Task to carry out: Leave the images out, and copy each of the records below exactly.

(Collection entries)
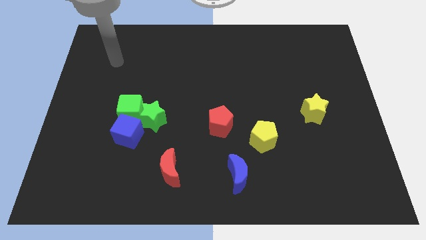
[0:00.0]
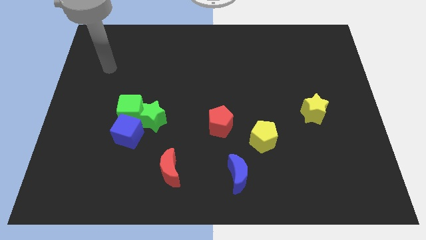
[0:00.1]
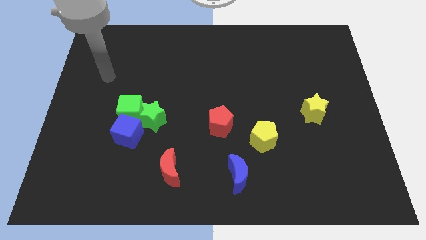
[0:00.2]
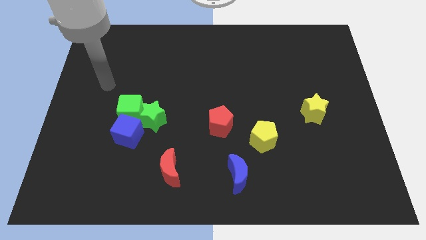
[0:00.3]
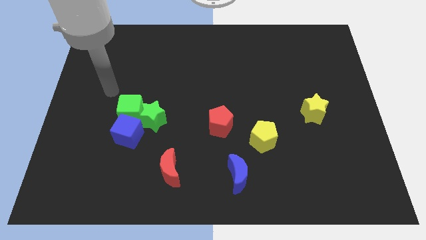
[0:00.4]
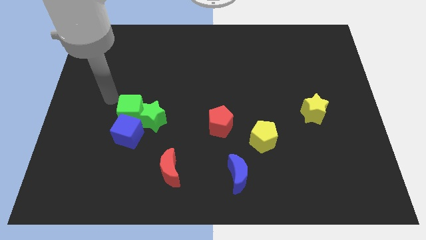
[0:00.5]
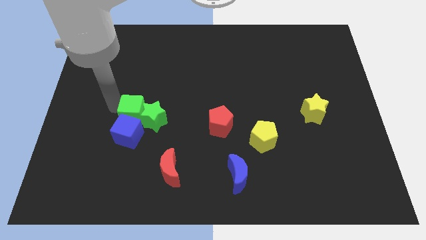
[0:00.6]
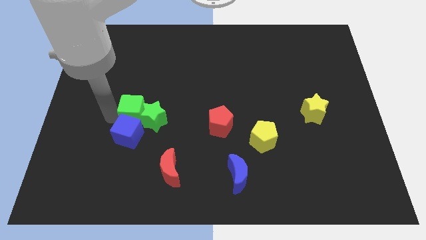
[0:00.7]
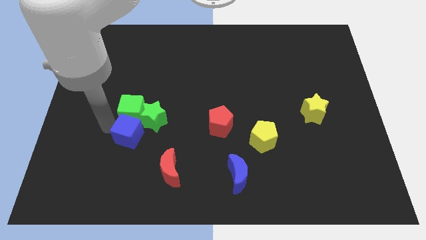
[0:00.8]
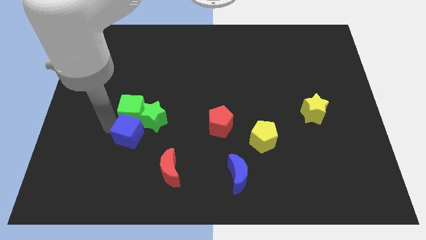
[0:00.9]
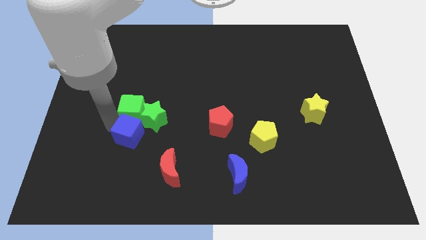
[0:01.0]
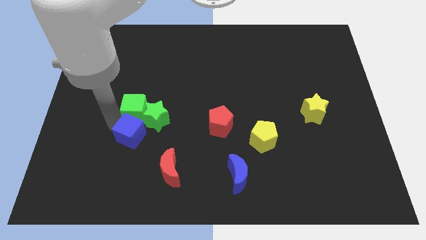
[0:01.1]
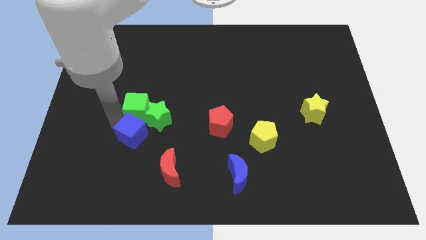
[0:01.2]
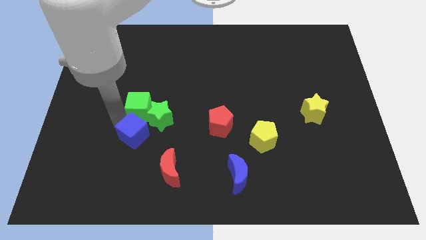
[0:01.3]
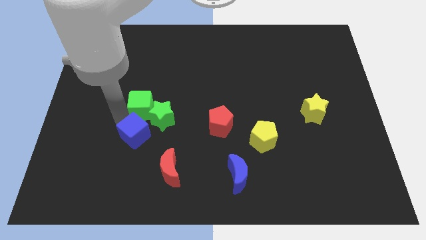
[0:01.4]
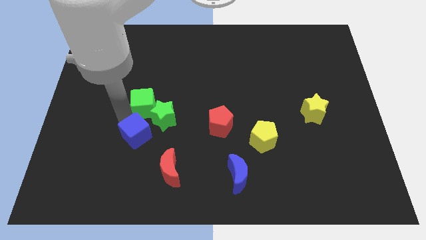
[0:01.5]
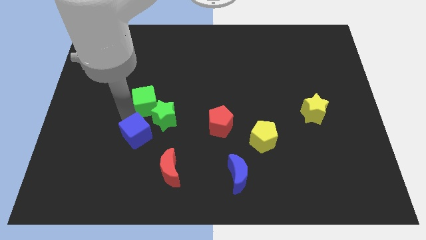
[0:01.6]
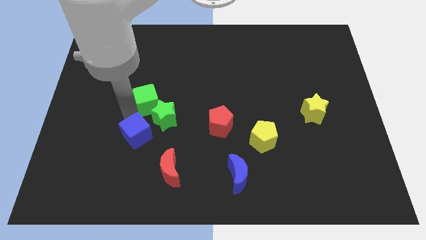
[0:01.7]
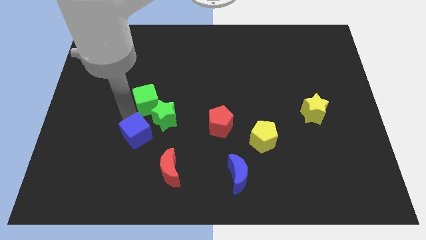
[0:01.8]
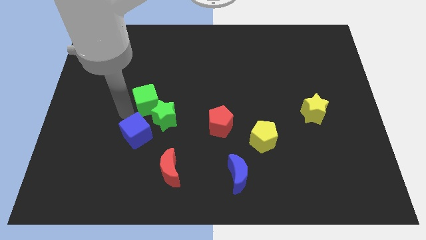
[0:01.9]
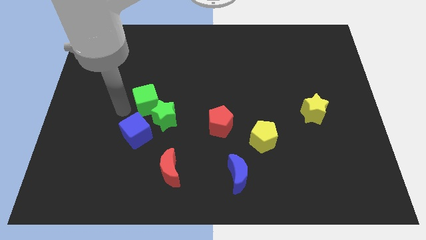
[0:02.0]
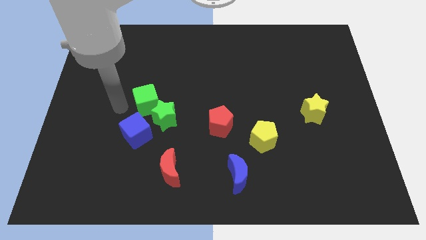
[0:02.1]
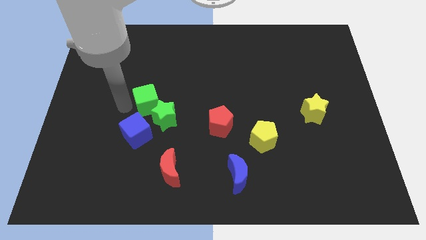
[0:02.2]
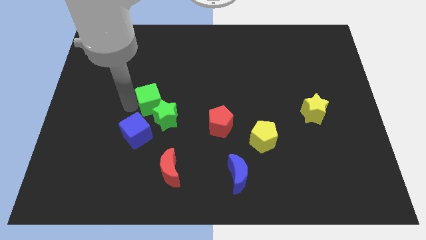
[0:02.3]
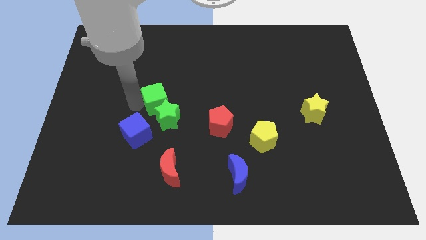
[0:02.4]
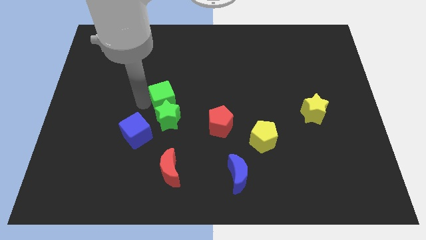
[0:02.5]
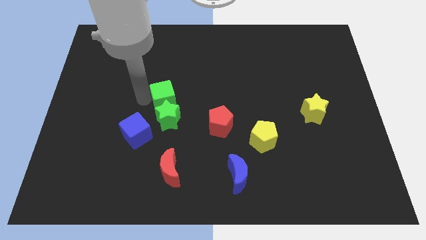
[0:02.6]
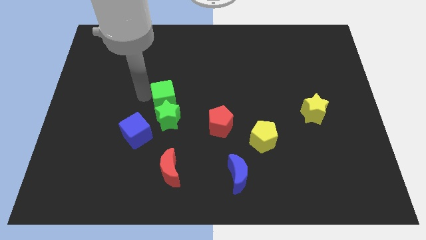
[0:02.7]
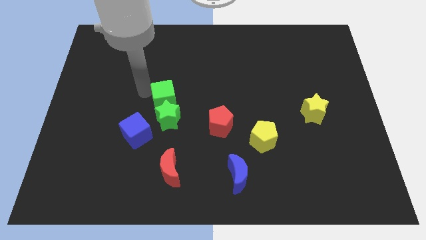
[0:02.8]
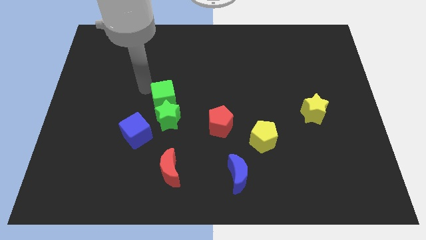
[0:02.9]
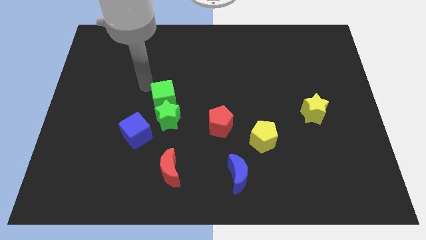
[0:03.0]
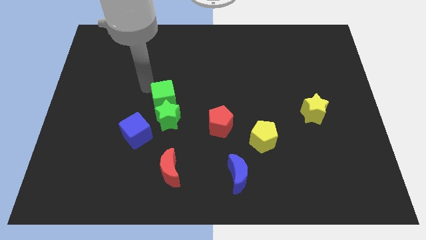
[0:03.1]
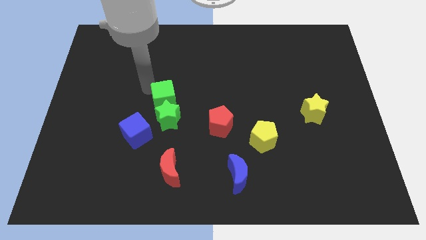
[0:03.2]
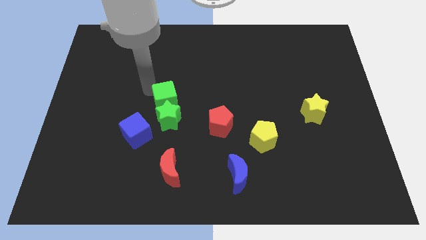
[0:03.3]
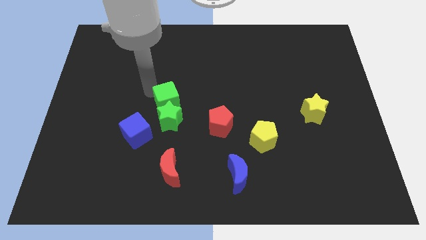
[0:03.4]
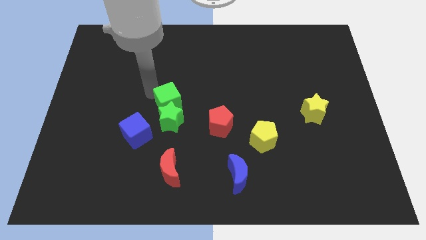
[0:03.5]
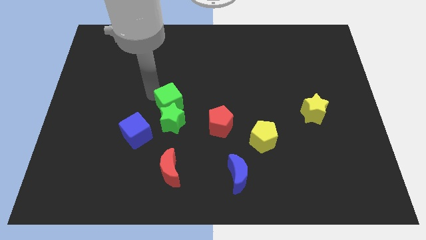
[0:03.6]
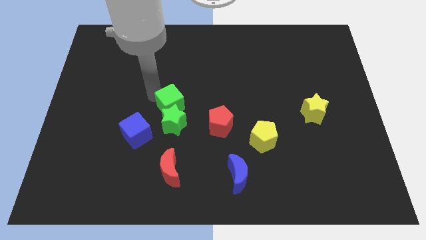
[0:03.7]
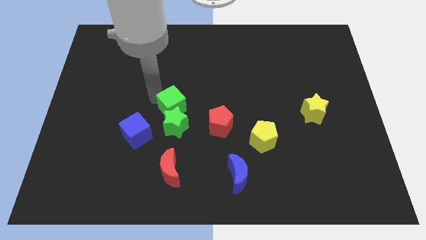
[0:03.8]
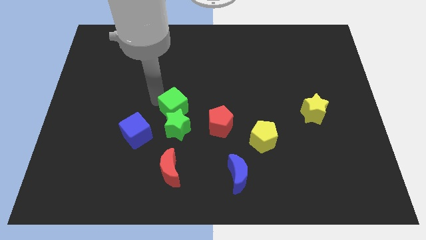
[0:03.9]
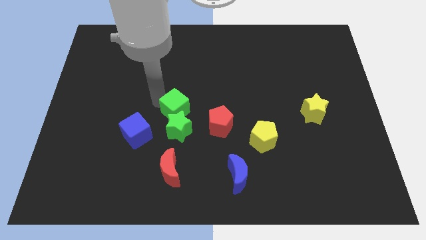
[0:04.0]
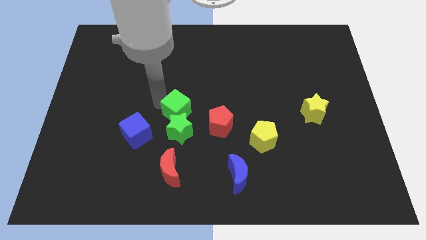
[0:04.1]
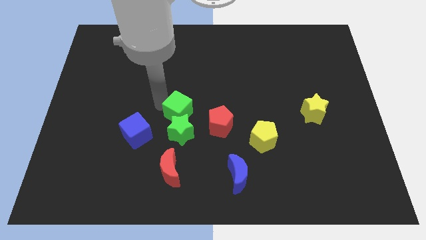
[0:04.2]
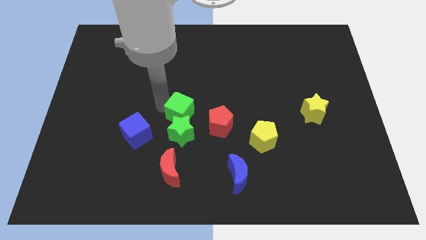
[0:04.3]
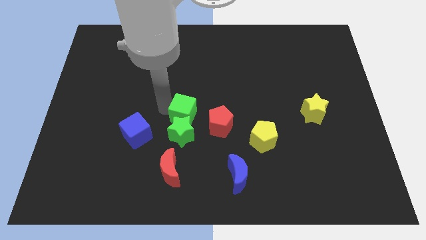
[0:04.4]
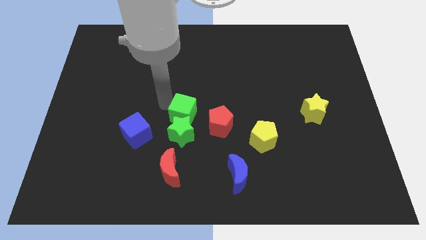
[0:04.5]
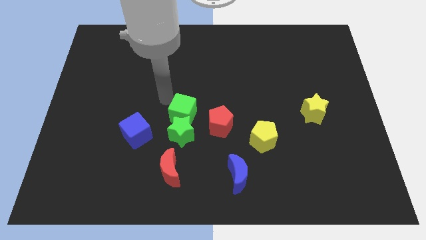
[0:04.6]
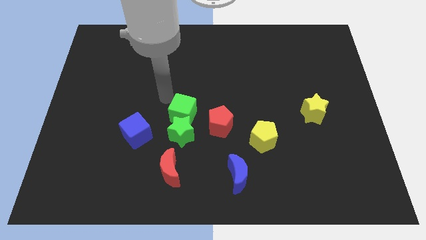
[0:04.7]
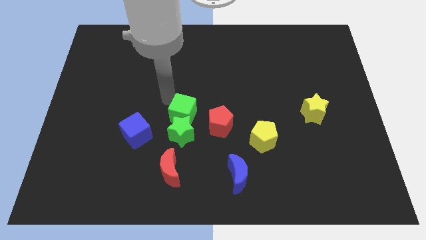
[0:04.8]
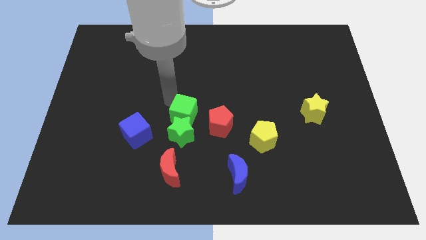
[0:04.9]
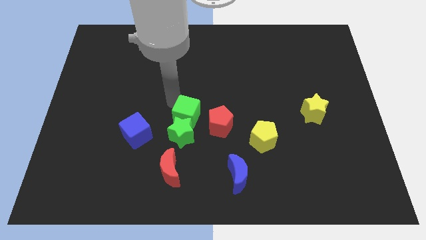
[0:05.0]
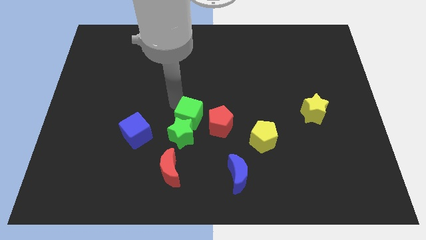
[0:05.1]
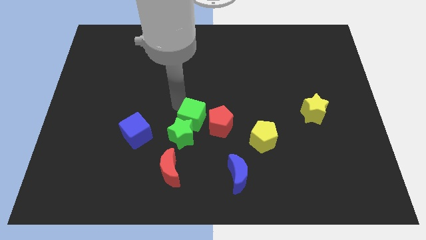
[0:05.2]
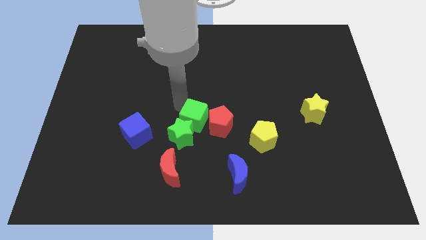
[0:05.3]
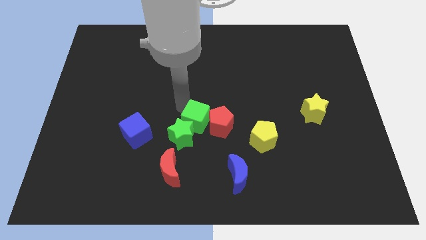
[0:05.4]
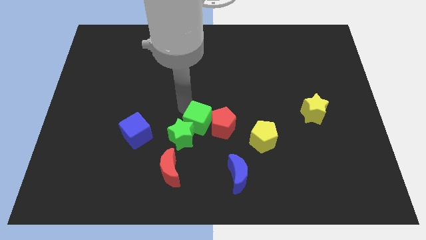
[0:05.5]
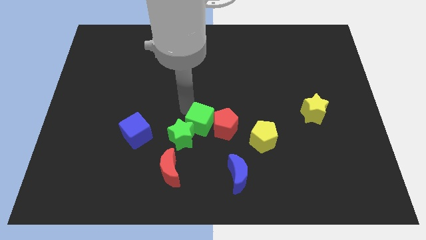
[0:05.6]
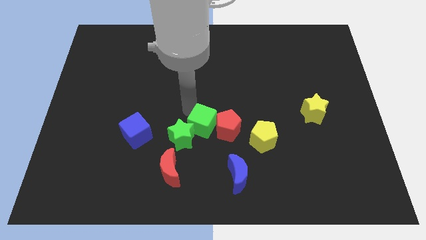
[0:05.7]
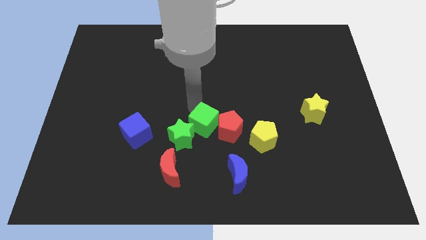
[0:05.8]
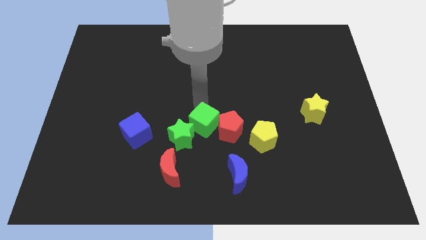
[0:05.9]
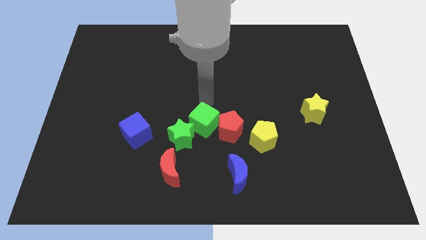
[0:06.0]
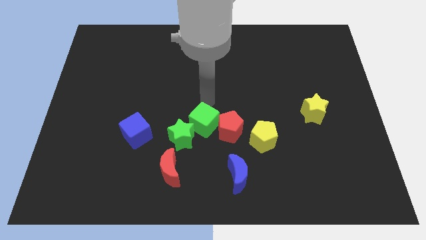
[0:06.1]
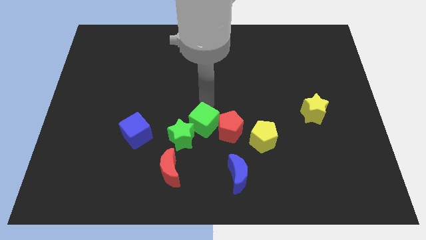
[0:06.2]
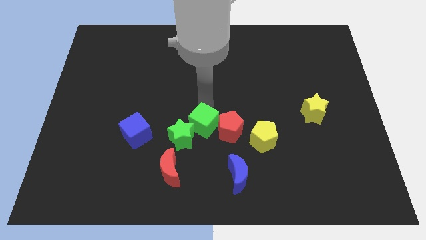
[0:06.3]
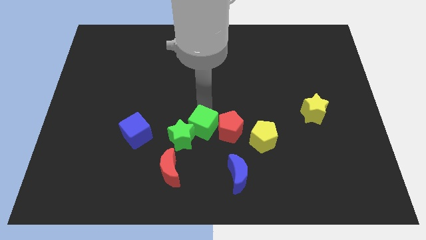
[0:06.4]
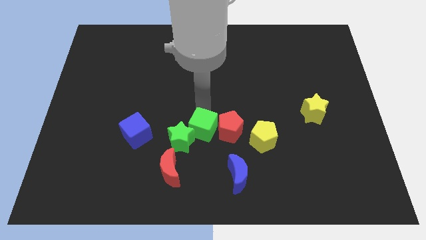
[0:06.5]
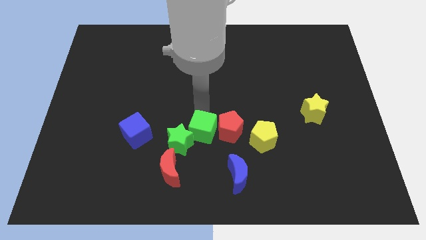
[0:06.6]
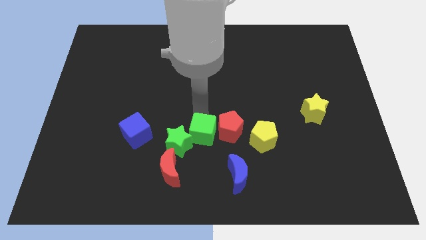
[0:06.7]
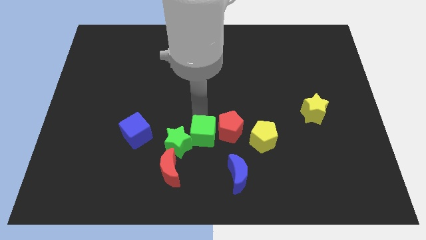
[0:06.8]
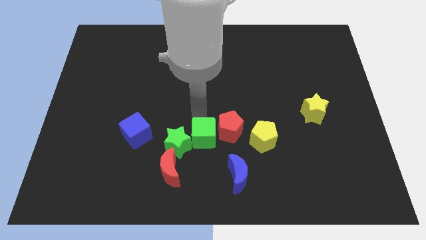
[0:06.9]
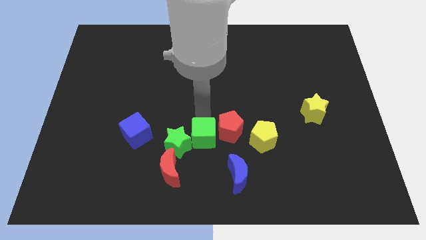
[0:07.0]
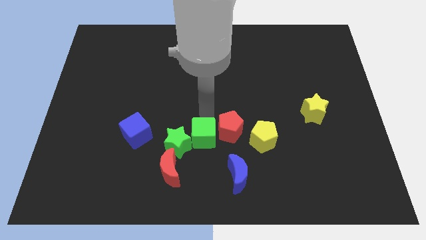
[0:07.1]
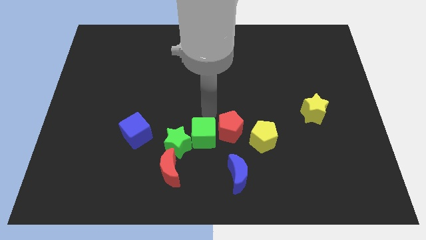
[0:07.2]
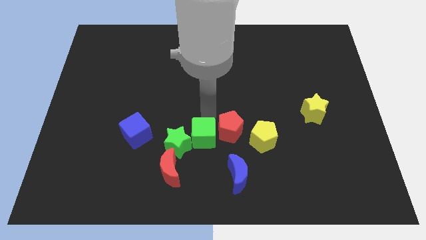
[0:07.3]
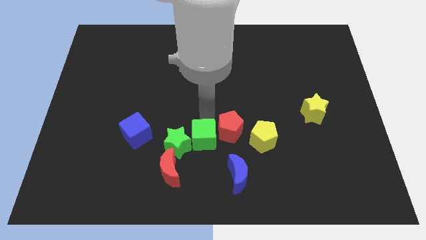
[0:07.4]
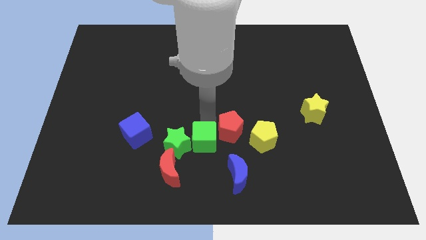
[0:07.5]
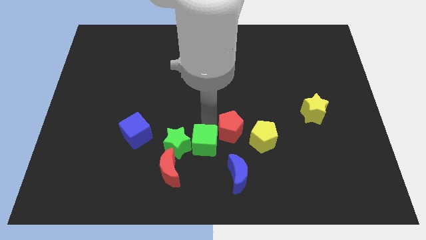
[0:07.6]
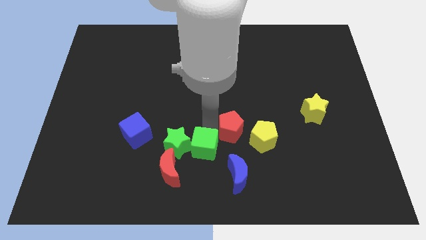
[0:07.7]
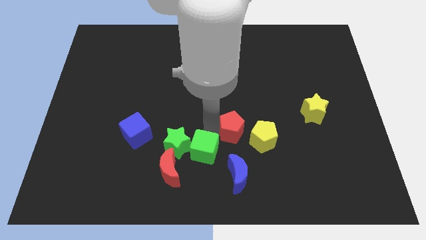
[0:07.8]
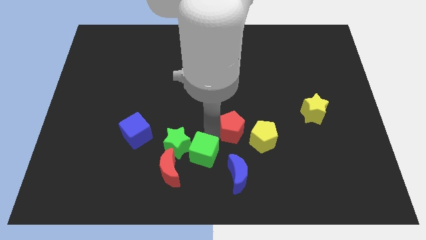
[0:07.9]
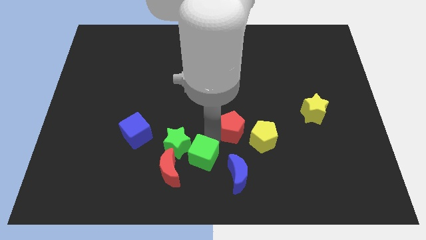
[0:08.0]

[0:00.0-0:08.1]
push the green cube just left of the blue moon

Expected answer:
[0:00.0]
[0:00.1]
[0:00.2]
[0:00.3]
[0:00.4]
[0:00.5]
[0:00.6]
[0:00.7]
[0:00.8]
[0:00.9]
[0:01.0]
[0:01.1]
[0:01.2]
[0:01.3]
[0:01.4]
[0:01.5]
[0:01.6]
[0:01.7]
[0:01.8]
[0:01.9]
[0:02.0]
[0:02.1]
[0:02.2]
[0:02.3]
[0:02.4]
[0:02.5]
[0:02.6]
[0:02.7]
[0:02.8]
[0:02.9]
[0:03.0]
[0:03.1]
[0:03.2]
[0:03.3]
[0:03.4]
[0:03.5]
[0:03.6]
[0:03.7]
[0:03.8]
[0:03.9]
[0:04.0]
[0:04.1]
[0:04.2]
[0:04.3]
[0:04.4]
[0:04.5]
[0:04.6]
[0:04.7]
[0:04.8]
[0:04.9]
[0:05.0]
[0:05.1]
[0:05.2]
[0:05.3]
[0:05.4]
[0:05.5]
[0:05.6]
[0:05.7]
[0:05.8]
[0:05.9]
[0:06.0]
[0:06.1]
[0:06.2]
[0:06.3]
[0:06.4]
[0:06.5]
[0:06.6]
[0:06.7]
[0:06.8]
[0:06.9]
[0:07.0]
[0:07.1]
[0:07.2]
[0:07.3]
[0:07.4]
[0:07.5]
[0:07.6]
[0:07.7]
[0:07.8]
[0:07.9]
[0:08.0]

[0:00.0-0:08.1]
push the green cube just left of the blue moon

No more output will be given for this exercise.